**What you have to do**
Look for the word "lawn" in the data below, and copy every line that holds it.

**Input data**

※ ※ ※

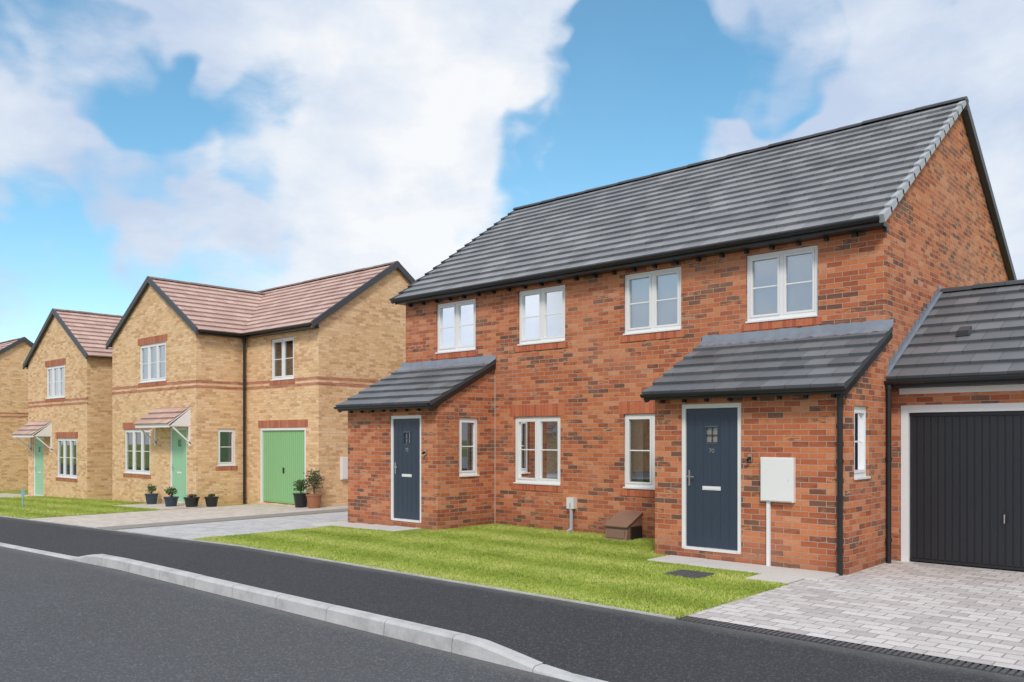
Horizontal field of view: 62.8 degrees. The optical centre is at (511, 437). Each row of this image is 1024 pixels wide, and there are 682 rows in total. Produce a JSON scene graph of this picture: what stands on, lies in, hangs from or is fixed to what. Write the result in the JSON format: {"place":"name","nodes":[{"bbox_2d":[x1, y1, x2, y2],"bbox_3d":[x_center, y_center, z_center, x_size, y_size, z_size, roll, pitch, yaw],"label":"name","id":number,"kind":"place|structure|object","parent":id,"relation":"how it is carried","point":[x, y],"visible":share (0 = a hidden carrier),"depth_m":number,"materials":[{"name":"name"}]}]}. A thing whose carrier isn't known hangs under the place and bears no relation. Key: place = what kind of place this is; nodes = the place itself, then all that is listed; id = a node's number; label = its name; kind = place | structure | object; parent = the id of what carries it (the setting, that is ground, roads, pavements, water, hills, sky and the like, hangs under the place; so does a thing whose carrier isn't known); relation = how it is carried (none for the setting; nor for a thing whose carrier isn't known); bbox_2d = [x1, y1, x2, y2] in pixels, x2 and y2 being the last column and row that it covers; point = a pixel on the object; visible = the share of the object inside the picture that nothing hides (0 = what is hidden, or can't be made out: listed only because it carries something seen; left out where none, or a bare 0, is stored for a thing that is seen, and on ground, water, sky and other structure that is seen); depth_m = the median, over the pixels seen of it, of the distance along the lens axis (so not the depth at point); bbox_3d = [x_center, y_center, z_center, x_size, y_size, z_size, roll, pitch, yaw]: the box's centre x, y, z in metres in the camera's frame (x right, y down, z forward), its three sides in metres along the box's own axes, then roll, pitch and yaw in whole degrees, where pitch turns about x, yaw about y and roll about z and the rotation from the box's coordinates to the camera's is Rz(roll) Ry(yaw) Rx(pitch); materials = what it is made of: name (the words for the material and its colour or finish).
{"place":"outdoors","nodes":[
{"label":"outdoors","id":0,"kind":"place"},
{"bbox_2d":[0,493,32,497],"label":"driveway","id":1,"kind":"structure","parent":0,"point":[7,494],"depth_m":31.86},
{"bbox_2d":[0,493,197,518],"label":"lawn","id":2,"kind":"structure","parent":0,"point":[68,509],"depth_m":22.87,"materials":[{"name":"green plant"}]},
{"bbox_2d":[21,489,24,507],"bbox_3d":[-14.055,1.761,24.095,0.240,0.520,0.035,0,0,42],"label":"garden marker sign","id":3,"kind":"object","parent":2,"relation":"on","point":[22,492],"visible":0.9,"depth_m":24.08,"materials":[{"name":"blue plastic"}]},
{"bbox_2d":[112,503,205,509],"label":"driveway","id":4,"kind":"structure","parent":0,"point":[161,506],"depth_m":23.61,"materials":[{"name":"grey concrete"}]},
{"bbox_2d":[145,484,158,503],"bbox_3d":[-10.655,1.674,24.791,0.387,0.604,0.387,0,0,42],"label":"potted plant","id":5,"kind":"object","parent":4,"relation":"on","point":[151,497],"visible":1,"depth_m":24.70,"materials":[{"name":"green plant"}]},
{"bbox_2d":[163,487,178,506],"bbox_3d":[-9.567,1.651,23.530,0.415,0.578,0.418,0,0,42],"label":"potted plant","id":6,"kind":"object","parent":4,"relation":"on","point":[171,500],"visible":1,"depth_m":23.43,"materials":[{"name":"green plant"}]},
{"bbox_2d":[183,494,199,506],"bbox_3d":[-8.840,1.737,23.145,0.430,0.370,0.430,0,0,42],"label":"potted plant","id":7,"kind":"object","parent":4,"relation":"on","point":[191,500],"visible":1,"depth_m":23.01,"materials":[{"name":"green plant"}]},
{"bbox_2d":[204,493,218,506],"bbox_3d":[-8.312,1.730,23.206,0.387,0.368,0.387,0,0,42],"label":"potted plant","id":8,"kind":"object","parent":4,"relation":"on","point":[211,500],"visible":1,"depth_m":23.09,"materials":[{"name":"green plant"}]},
{"bbox_2d":[32,504,342,526],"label":"driveway","id":9,"kind":"structure","parent":0,"point":[126,518],"depth_m":20.21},
{"bbox_2d":[292,479,308,507],"bbox_3d":[-5.628,1.474,22.323,0.481,0.767,0.436,0,0,42],"label":"potted plant","id":10,"kind":"object","parent":9,"relation":"on","point":[300,499],"visible":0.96,"depth_m":22.18,"materials":[{"name":"green plant"}]},
{"bbox_2d":[304,468,324,507],"bbox_3d":[-5.173,1.316,21.920,0.531,1.056,0.525,0,0,1],"label":"potted plant","id":11,"kind":"object","parent":9,"relation":"on","point":[314,500],"visible":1,"depth_m":21.81,"materials":[{"name":"green plant"}]},
{"bbox_2d":[120,511,347,538],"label":"driveway","id":12,"kind":"structure","parent":0,"point":[221,528],"depth_m":16.69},
{"bbox_2d":[0,546,569,681],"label":"road","id":13,"kind":"structure","parent":0,"point":[64,620],"depth_m":7.63,"materials":[{"name":"grey asphalt"}]},
{"bbox_2d":[327,505,347,507],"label":"side passage paving","id":14,"kind":"structure","parent":0,"point":[343,506],"depth_m":22.41,"materials":[{"name":"grey concrete"}]},
{"bbox_2d":[311,521,420,531],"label":"slab path","id":15,"kind":"structure","parent":0,"point":[371,526],"depth_m":16.08,"materials":[{"name":"grey concrete"}]},
{"bbox_2d":[192,523,798,617],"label":"lawn","id":16,"kind":"structure","parent":0,"point":[498,586],"depth_m":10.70,"materials":[{"name":"green plant"}]},
{"bbox_2d":[565,497,576,531],"bbox_3d":[1.035,1.404,15.040,0.160,0.648,0.208,0,0,42],"label":"water pipe box","id":17,"kind":"object","parent":16,"relation":"on","point":[571,503],"visible":0.87,"depth_m":15.05,"materials":[{"name":"white plastic"}]},
{"bbox_2d":[603,510,642,540],"bbox_3d":[1.872,1.488,14.080,0.490,0.463,0.488,0,0,42],"label":"gas meter box","id":18,"kind":"object","parent":16,"relation":"on","point":[622,525],"visible":0.83,"depth_m":13.96,"materials":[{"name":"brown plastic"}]},
{"bbox_2d":[663,569,714,578],"bbox_3d":[2.193,1.696,10.393,0.480,0.027,0.460,0,0,42],"label":"manhole cover","id":19,"kind":"object","parent":16,"relation":"on","point":[689,573],"visible":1,"depth_m":10.36,"materials":[{"name":"metal"}]},
{"bbox_2d":[647,555,838,584],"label":"slab path","id":20,"kind":"structure","parent":16,"relation":"on","point":[785,575],"depth_m":10.70,"materials":[{"name":"grey concrete"}]},
{"bbox_2d":[0,516,1023,681],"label":"footpath","id":21,"kind":"structure","parent":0,"point":[605,644],"depth_m":7.77,"materials":[{"name":"black asphalt"}]},
{"bbox_2d":[0,490,1023,671],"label":"ground","id":22,"kind":"structure","parent":0,"point":[16,491],"depth_m":17.57,"materials":[{"name":"grey concrete"}]},
{"bbox_2d":[0,341,31,490],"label":"walls","id":23,"kind":"structure","parent":22,"relation":"on","point":[13,399],"depth_m":38.02,"materials":[{"name":"brick"}]},
{"bbox_2d":[0,340,16,349],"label":"roof front","id":24,"kind":"structure","parent":23,"relation":"attached to","point":[3,345],"depth_m":38.85,"materials":[{"name":"tile"}]},
{"bbox_2d":[0,337,22,343],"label":"ridge","id":25,"kind":"structure","parent":24,"relation":"on","point":[11,340],"depth_m":39.21,"materials":[{"name":"tile"}]},
{"bbox_2d":[0,412,27,417],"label":"brick bands and headers","id":26,"kind":"object","parent":23,"relation":"attached to","point":[13,413],"visible":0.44,"depth_m":38.03,"materials":[{"name":"red brick"}]},
{"bbox_2d":[0,337,33,353],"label":"bargeboards and soffits","id":27,"kind":"object","parent":23,"relation":"on","point":[17,342],"visible":0.36,"depth_m":38.01,"materials":[{"name":"black plastic"}]},
{"bbox_2d":[28,316,111,499],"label":"walls","id":28,"kind":"structure","parent":22,"relation":"on","point":[90,422],"depth_m":28.78,"materials":[{"name":"brick"}]},
{"bbox_2d":[12,423,51,451],"bbox_3d":[-17.610,-0.005,30.762,2.165,1.070,0.635,0,0,42],"label":"door canopy frame","id":29,"kind":"object","parent":28,"relation":"attached to","point":[46,431],"visible":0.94,"depth_m":30.18,"materials":[{"name":"white wood"}]},
{"bbox_2d":[11,421,51,435],"bbox_3d":[-17.625,-0.330,30.749,2.170,0.527,0.709,0,0,42],"label":"door canopy roof","id":30,"kind":"structure","parent":29,"relation":"on","point":[32,428],"depth_m":30.62,"materials":[{"name":"brown tile"}]},
{"bbox_2d":[34,438,43,495],"bbox_3d":[-17.602,1.097,31.250,1.044,2.170,0.114,0,0,42],"label":"front door","id":31,"kind":"structure","parent":28,"relation":"attached to","point":[38,468],"depth_m":31.31,"materials":[{"name":"green plastic"}]},
{"bbox_2d":[26,315,53,366],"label":"wing roof","id":32,"kind":"structure","parent":28,"relation":"on","point":[39,341],"depth_m":31.11,"materials":[{"name":"plastic"}]},
{"bbox_2d":[45,365,64,398],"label":"window","id":33,"kind":"structure","parent":28,"relation":"attached to","point":[55,381],"depth_m":30.19,"materials":[{"name":"white plastic"}]},
{"bbox_2d":[23,308,87,368],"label":"bargeboards and soffits","id":34,"kind":"object","parent":28,"relation":"on","point":[66,329],"visible":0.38,"depth_m":29.88,"materials":[{"name":"black plastic"}]},
{"bbox_2d":[28,358,87,481],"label":"brick bands and headers","id":35,"kind":"object","parent":28,"relation":"attached to","point":[62,361],"visible":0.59,"depth_m":29.68,"materials":[{"name":"red brick"}]},
{"bbox_2d":[60,441,69,468],"bbox_3d":[-17.655,0.560,32.500,0.428,1.294,0.804,0,0,42],"label":"window pane","id":36,"kind":"structure","parent":28,"relation":"attached to","point":[61,454],"depth_m":32.46,"materials":[{"name":"glass"}]},
{"bbox_2d":[56,438,76,478],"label":"window","id":37,"kind":"structure","parent":28,"relation":"attached to","point":[65,474],"depth_m":29.60,"materials":[{"name":"white plastic"}]},
{"bbox_2d":[55,310,121,358],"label":"wing roof","id":38,"kind":"structure","parent":28,"relation":"attached to","point":[92,333],"depth_m":29.68,"materials":[{"name":"tile"}]},
{"bbox_2d":[53,308,121,316],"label":"wing ridge","id":39,"kind":"structure","parent":38,"relation":"on","point":[88,312],"depth_m":30.79,"materials":[{"name":"tile"}]},
{"bbox_2d":[96,508,347,529],"bbox_3d":[-3.684,1.810,21.498,0.850,0.019,13.110,0,0,42],"label":"gravel strip","id":40,"kind":"object","parent":22,"relation":"on","point":[215,519],"visible":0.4,"depth_m":18.45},
{"bbox_2d":[112,268,410,506],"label":"walls","id":41,"kind":"structure","parent":22,"relation":"on","point":[362,335],"depth_m":24.05,"materials":[{"name":"brick"}]},
{"bbox_2d":[109,283,148,346],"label":"wing roof","id":42,"kind":"structure","parent":41,"relation":"attached to","point":[128,316],"depth_m":26.54,"materials":[{"name":"plastic"}]},
{"bbox_2d":[123,429,149,474],"bbox_3d":[-11.492,0.435,26.436,2.544,2.064,0.728,0,0,42],"label":"window","id":43,"kind":"structure","parent":41,"relation":"attached to","point":[145,454],"depth_m":26.43,"materials":[{"name":"white plastic"}]},
{"bbox_2d":[139,342,165,382],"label":"window","id":44,"kind":"structure","parent":41,"relation":"attached to","point":[152,362],"depth_m":25.56,"materials":[{"name":"white plastic"}]},
{"bbox_2d":[135,408,190,445],"bbox_3d":[-10.147,-0.285,24.328,2.165,1.070,0.635,0,0,42],"label":"door canopy frame","id":45,"kind":"object","parent":41,"relation":"attached to","point":[184,420],"visible":0.94,"depth_m":23.79,"materials":[{"name":"white wood"}]},
{"bbox_2d":[133,407,190,425],"bbox_3d":[-10.162,-0.610,24.316,2.170,0.527,0.708,0,0,42],"label":"door canopy roof","id":46,"kind":"structure","parent":45,"relation":"on","point":[162,416],"depth_m":24.19,"materials":[{"name":"tile"}]},
{"bbox_2d":[170,428,186,502],"bbox_3d":[-9.665,0.817,24.386,1.044,2.170,0.114,0,0,42],"label":"front door","id":47,"kind":"structure","parent":41,"relation":"attached to","point":[178,462],"depth_m":24.40,"materials":[{"name":"green plastic"}]},
{"bbox_2d":[152,279,263,335],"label":"wing roof","id":48,"kind":"structure","parent":41,"relation":"attached to","point":[214,309],"depth_m":25.45,"materials":[{"name":"tile"}]},
{"bbox_2d":[148,276,266,294],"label":"wing ridge","id":49,"kind":"structure","parent":48,"relation":"on","point":[177,281],"depth_m":26.75,"materials":[{"name":"tile"}]},
{"bbox_2d":[198,330,240,335],"bbox_3d":[-8.301,-2.977,23.918,0.100,0.054,1.350,0,0,42],"label":"wing gutter","id":50,"kind":"object","parent":48,"relation":"attached to","point":[217,332],"visible":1,"depth_m":23.85,"materials":[{"name":"black plastic"}]},
{"bbox_2d":[218,429,235,465],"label":"side window","id":51,"kind":"structure","parent":41,"relation":"attached to","point":[226,447],"depth_m":24.62,"materials":[{"name":"white plastic"}]},
{"bbox_2d":[243,338,245,503],"bbox_3d":[-7.857,-0.485,24.616,0.103,4.870,0.103,0,0,42],"label":"downpipe","id":52,"kind":"object","parent":41,"relation":"attached to","point":[244,420],"visible":0.98,"depth_m":24.58,"materials":[{"name":"black plastic"}]},
{"bbox_2d":[112,334,380,478],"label":"brick bands and headers","id":53,"kind":"object","parent":41,"relation":"attached to","point":[262,423],"visible":0.89,"depth_m":24.09,"materials":[{"name":"red brick"}]},
{"bbox_2d":[106,261,415,348],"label":"bargeboards and soffits","id":54,"kind":"object","parent":41,"relation":"attached to","point":[320,317],"visible":0.88,"depth_m":23.92,"materials":[{"name":"black plastic"}]},
{"bbox_2d":[270,337,293,380],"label":"window","id":55,"kind":"structure","parent":41,"relation":"attached to","point":[287,358],"depth_m":23.81,"materials":[{"name":"white plastic"}]},
{"bbox_2d":[260,427,305,503],"bbox_3d":[-6.398,0.801,23.515,2.294,2.137,0.090,0,0,42],"label":"garage door","id":56,"kind":"structure","parent":41,"relation":"attached to","point":[282,459],"depth_m":23.59,"materials":[{"name":"green plastic"}]},
{"bbox_2d":[242,265,389,335],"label":"roof front","id":57,"kind":"structure","parent":41,"relation":"attached to","point":[304,303],"depth_m":24.67,"materials":[{"name":"tile"}]},
{"bbox_2d":[241,323,310,335],"bbox_3d":[-6.583,-2.977,23.230,3.530,0.054,0.100,0,0,42],"label":"gutter","id":58,"kind":"object","parent":57,"relation":"attached to","point":[280,328],"visible":1,"depth_m":23.07,"materials":[{"name":"black plastic"}]},
{"bbox_2d":[256,261,399,291],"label":"ridge","id":59,"kind":"structure","parent":57,"relation":"on","point":[348,272],"depth_m":26.32,"materials":[{"name":"tile"}]},
{"bbox_2d":[340,457,347,479],"bbox_3d":[-4.489,0.840,22.943,0.093,0.620,0.450,0,0,42],"label":"gas meter box","id":60,"kind":"object","parent":41,"relation":"attached to","point":[343,468],"visible":0.48,"depth_m":22.80,"materials":[{"name":"white plastic"}]},
{"bbox_2d":[0,542,607,681],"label":"kerb","id":61,"kind":"structure","parent":22,"relation":"on","point":[464,644],"depth_m":8.26,"materials":[{"name":"concrete"}]},
{"bbox_2d":[1,516,675,618],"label":"path edging","id":62,"kind":"object","parent":22,"relation":"on","point":[594,604],"visible":0.36,"depth_m":10.37,"materials":[{"name":"concrete"}]},
{"bbox_2d":[348,370,493,529],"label":"porch walls","id":63,"kind":"structure","parent":22,"relation":"on","point":[451,498],"depth_m":16.18,"materials":[{"name":"red brick"}]},
{"bbox_2d":[391,415,420,522],"bbox_3d":[-2.001,0.592,15.987,0.904,2.020,0.114,0,0,42],"label":"porch front door","id":64,"kind":"structure","parent":63,"relation":"attached to","point":[405,480],"depth_m":16.00,"materials":[{"name":"blue plastic"}]},
{"bbox_2d":[335,361,495,406],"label":"porch roof","id":65,"kind":"structure","parent":63,"relation":"on","point":[431,386],"depth_m":16.46,"materials":[{"name":"grey tile"}]},
{"bbox_2d":[334,403,429,408],"bbox_3d":[-2.539,-0.590,16.050,2.810,0.049,0.090,0,0,42],"label":"porch gutter","id":66,"kind":"object","parent":65,"relation":"attached to","point":[387,406],"visible":1,"depth_m":15.92,"materials":[{"name":"black plastic"}]},
{"bbox_2d":[396,355,495,370],"bbox_3d":[-1.425,-1.520,17.269,2.840,0.206,0.206,0,0,42],"label":"porch lead flashing","id":67,"kind":"object","parent":65,"relation":"on","point":[450,362],"visible":1,"depth_m":17.25,"materials":[{"name":"grey metal"}]},
{"bbox_2d":[337,363,495,412],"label":"porch fascia","id":68,"kind":"structure","parent":63,"relation":"attached to","point":[459,389],"depth_m":15.86,"materials":[{"name":"black plastic"}]},
{"bbox_2d":[459,418,478,476],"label":"porch side window","id":69,"kind":"structure","parent":63,"relation":"attached to","point":[464,471],"depth_m":16.11,"materials":[{"name":"white plastic"}]},
{"bbox_2d":[406,113,1008,538],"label":"walls","id":70,"kind":"structure","parent":22,"relation":"on","point":[940,233],"depth_m":14.51,"materials":[{"name":"red brick"}]},
{"bbox_2d":[435,299,475,353],"bbox_3d":[-1.125,-2.266,17.213,1.162,1.042,0.158,0,0,42],"label":"window","id":71,"kind":"structure","parent":70,"relation":"attached to","point":[457,326],"depth_m":17.18,"materials":[{"name":"white plastic"}]},
{"bbox_2d":[513,416,559,485],"bbox_3d":[0.688,0.235,15.952,1.834,1.944,0.728,0,0,42],"label":"window","id":72,"kind":"structure","parent":70,"relation":"attached to","point":[537,450],"depth_m":15.93,"materials":[{"name":"white plastic"}]},
{"bbox_2d":[517,285,564,345],"bbox_3d":[0.574,-2.266,15.671,1.152,1.042,0.158,0,0,42],"label":"window","id":73,"kind":"structure","parent":70,"relation":"attached to","point":[541,315],"depth_m":15.65,"materials":[{"name":"white plastic"}]},
{"bbox_2d":[434,316,821,496],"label":"brick sills and headers","id":74,"kind":"structure","parent":70,"relation":"attached to","point":[634,407],"depth_m":14.37,"materials":[{"name":"red brick"}]},
{"bbox_2d":[623,414,654,489],"bbox_3d":[2.565,0.225,14.249,1.844,1.944,0.728,0,0,42],"label":"window","id":75,"kind":"structure","parent":70,"relation":"attached to","point":[639,451],"depth_m":14.39,"materials":[{"name":"white plastic"}]},
{"bbox_2d":[623,267,680,335],"bbox_3d":[2.366,-2.266,14.044,1.132,1.042,0.158,0,0,42],"label":"window","id":76,"kind":"structure","parent":70,"relation":"attached to","point":[652,301],"depth_m":14.05,"materials":[{"name":"white plastic"}]},
{"bbox_2d":[390,99,966,303],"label":"roof front slope","id":77,"kind":"structure","parent":70,"relation":"on","point":[874,169],"depth_m":14.90,"materials":[{"name":"grey tile"}]},
{"bbox_2d":[392,216,879,301],"bbox_3d":[1.194,-2.932,14.634,10.100,0.054,0.100,0,0,42],"label":"gutter","id":78,"kind":"object","parent":77,"relation":"attached to","point":[785,234],"visible":1,"depth_m":13.47,"materials":[{"name":"black plastic"}]},
{"bbox_2d":[513,96,968,209],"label":"ridge tiles","id":79,"kind":"object","parent":77,"relation":"on","point":[918,109],"visible":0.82,"depth_m":16.55,"materials":[{"name":"grey tile"}]},
{"bbox_2d":[395,99,1016,306],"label":"fascia and soffit","id":80,"kind":"structure","parent":70,"relation":"attached to","point":[824,235],"depth_m":14.53,"materials":[{"name":"black plastic"}]},
{"bbox_2d":[745,245,817,323],"bbox_3d":[4.036,-2.266,12.529,1.122,1.042,0.158,0,0,42],"label":"window","id":81,"kind":"structure","parent":70,"relation":"attached to","point":[782,285],"depth_m":12.53,"materials":[{"name":"white plastic"}]},
{"bbox_2d":[655,344,887,574],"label":"porch walls","id":82,"kind":"structure","parent":22,"relation":"on","point":[801,430],"depth_m":10.95,"materials":[{"name":"red brick"}]},
{"bbox_2d":[682,403,740,553],"bbox_3d":[2.776,0.557,11.653,0.924,2.050,0.114,0,0,42],"label":"porch front door","id":83,"kind":"structure","parent":82,"relation":"attached to","point":[711,501],"depth_m":11.65,"materials":[{"name":"blue plastic"}]},
{"bbox_2d":[746,455,752,460],"bbox_3d":[3.161,0.275,11.170,0.050,0.090,0.106,0,0,42],"label":"porch lamp","id":84,"kind":"object","parent":82,"relation":"attached to","point":[750,458],"visible":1,"depth_m":11.16,"materials":[{"name":"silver metal"}]},
{"bbox_2d":[641,327,892,393],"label":"porch roof","id":85,"kind":"structure","parent":82,"relation":"on","point":[827,361],"depth_m":11.49,"materials":[{"name":"grey tile"}]},
{"bbox_2d":[640,386,843,397],"bbox_3d":[2.930,-0.590,11.087,2.880,0.049,0.090,0,0,42],"label":"porch gutter","id":86,"kind":"object","parent":85,"relation":"attached to","point":[816,389],"visible":1,"depth_m":10.93,"materials":[{"name":"black plastic"}]},
{"bbox_2d":[696,319,893,346],"bbox_3d":[4.044,-1.520,12.306,2.910,0.206,0.206,0,0,42],"label":"porch lead flashing","id":87,"kind":"object","parent":85,"relation":"on","point":[827,329],"visible":1,"depth_m":12.23,"materials":[{"name":"grey metal"}]},
{"bbox_2d":[644,332,891,402],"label":"porch fascia","id":88,"kind":"structure","parent":82,"relation":"attached to","point":[850,386],"depth_m":10.90,"materials":[{"name":"black plastic"}]},
{"bbox_2d":[760,457,795,565],"bbox_3d":[3.455,0.985,10.914,0.450,1.450,0.088,0,0,42],"label":"electricity meter box","id":89,"kind":"object","parent":82,"relation":"attached to","point":[777,479],"visible":0.91,"depth_m":10.90,"materials":[{"name":"white plastic"}]},
{"bbox_2d":[836,394,843,575],"bbox_3d":[4.056,0.560,10.370,0.091,2.320,0.091,0,0,42],"label":"porch downpipe","id":90,"kind":"object","parent":82,"relation":"attached to","point":[839,462],"visible":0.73,"depth_m":10.34,"materials":[{"name":"black plastic"}]},
{"bbox_2d":[854,406,870,479],"bbox_3d":[4.339,0.055,10.862,0.428,1.144,0.754,0,0,42],"label":"porch side window","id":91,"kind":"structure","parent":82,"relation":"attached to","point":[859,442],"depth_m":10.85,"materials":[{"name":"white plastic"}]},
{"bbox_2d":[676,616,1023,677],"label":"drain channel","id":92,"kind":"object","parent":22,"relation":"on","point":[953,662],"visible":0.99,"depth_m":6.82,"materials":[{"name":"metal"}]},
{"bbox_2d":[884,279,1023,570],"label":"garage","id":93,"kind":"structure","parent":22,"relation":"on","point":[957,481],"depth_m":11.21,"materials":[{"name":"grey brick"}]},
{"bbox_2d":[885,385,891,562],"bbox_3d":[5.111,0.485,11.377,0.091,2.470,0.091,0,0,42],"label":"corner downpipe","id":94,"kind":"object","parent":93,"relation":"attached to","point":[888,460],"visible":0.96,"depth_m":11.35,"materials":[{"name":"black plastic"}]},
{"bbox_2d":[910,561,1023,572],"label":"driveway strip","id":95,"kind":"object","parent":22,"relation":"on","point":[968,566],"visible":0.5,"depth_m":11.09,"materials":[{"name":"grey concrete"}]},
{"bbox_2d":[0,0,1023,342],"label":"sky","id":96,"kind":"structure","parent":0,"point":[252,145],"materials":[{"name":"blue"}]},
{"bbox_2d":[687,560,1023,669],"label":"driveway","id":97,"kind":"structure","parent":0,"point":[975,615],"depth_m":8.21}
]}

※ ※ ※

**Task solution**
{"bbox_2d":[0,493,197,518],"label":"lawn","id":2,"kind":"structure","parent":0,"point":[68,509],"depth_m":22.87,"materials":[{"name":"green plant"}]},
{"bbox_2d":[192,523,798,617],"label":"lawn","id":16,"kind":"structure","parent":0,"point":[498,586],"depth_m":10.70,"materials":[{"name":"green plant"}]},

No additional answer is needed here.